Stored dataset items
Segment Open

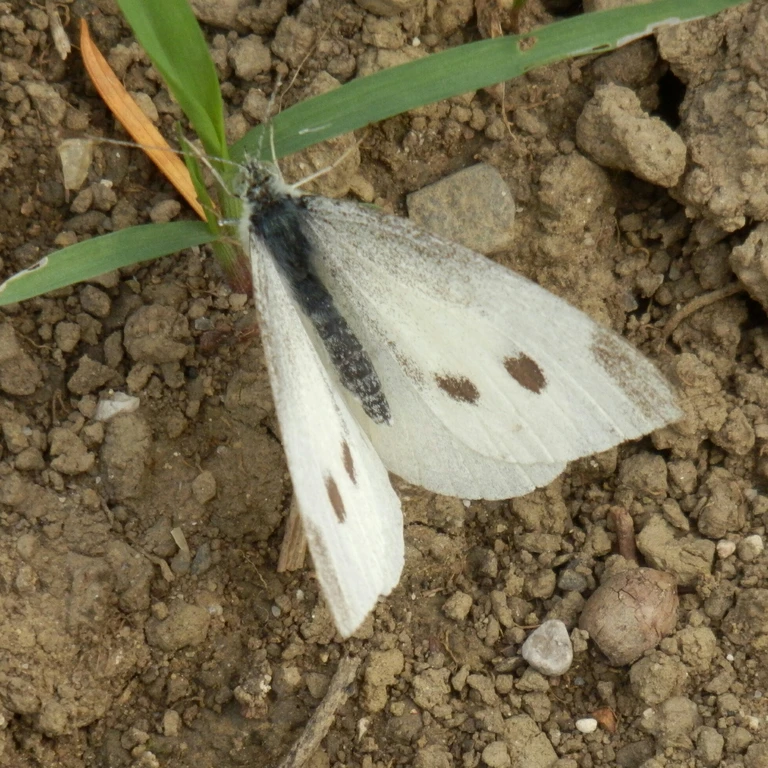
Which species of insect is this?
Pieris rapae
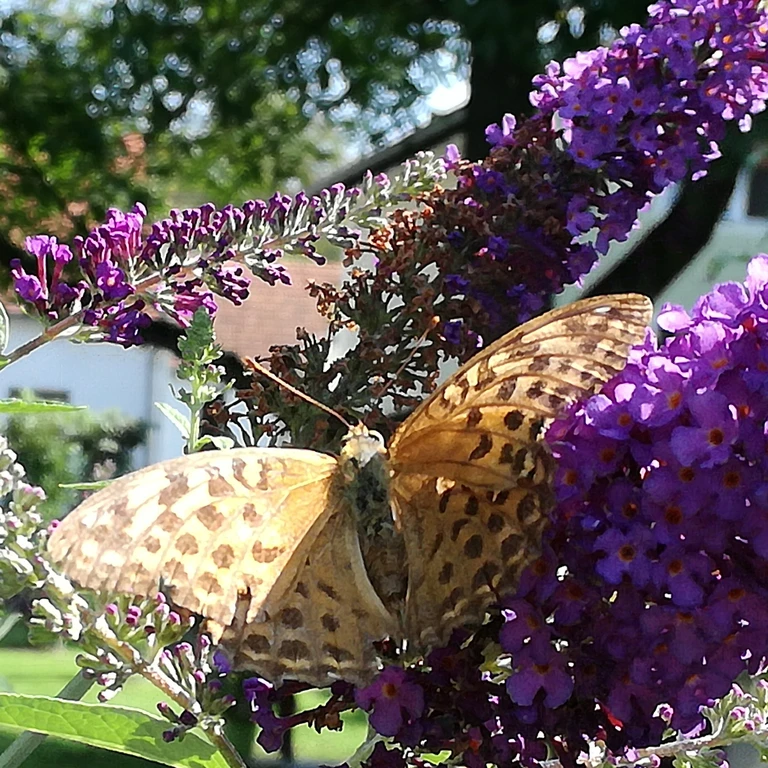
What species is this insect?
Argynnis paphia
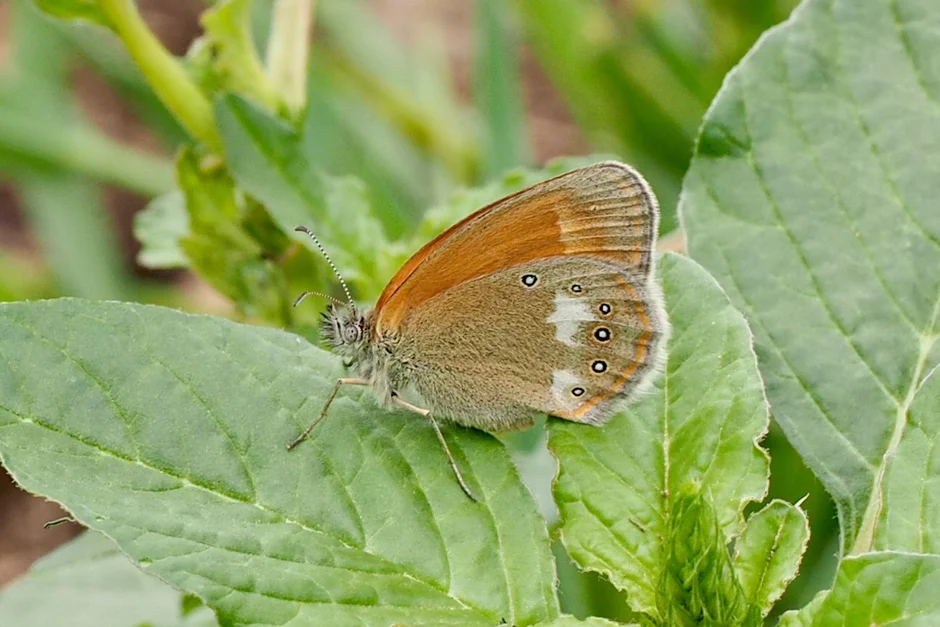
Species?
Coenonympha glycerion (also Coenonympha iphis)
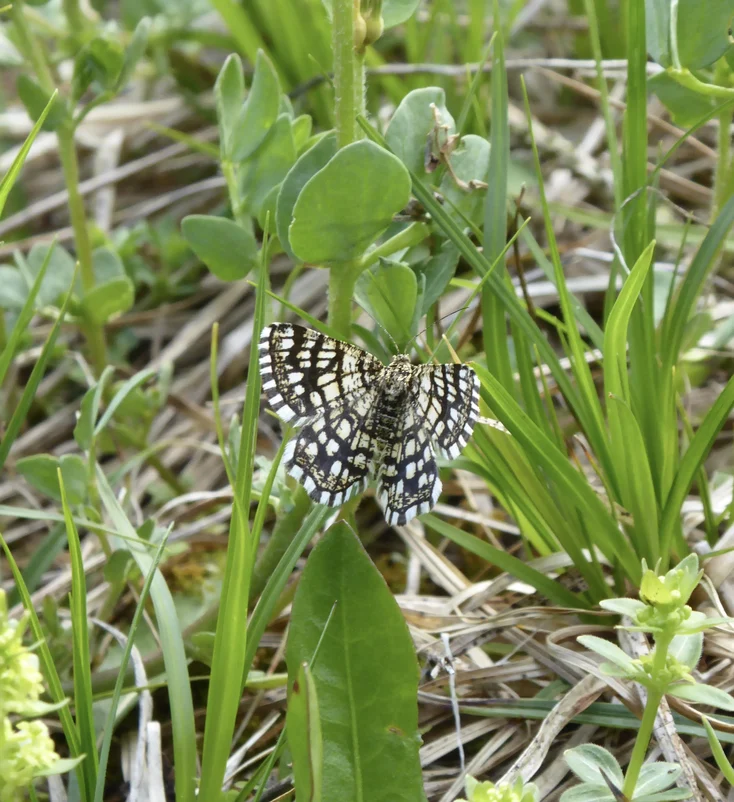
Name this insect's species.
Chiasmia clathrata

Segment Closed

#### EXERCISE:
Please reproduce each entry above word for word and keep the pictures out of the copy.

#### SOLVED PROBLEM:
Which species of insect is this?
Pieris rapae
What species is this insect?
Argynnis paphia
Species?
Coenonympha glycerion (also Coenonympha iphis)
Name this insect's species.
Chiasmia clathrata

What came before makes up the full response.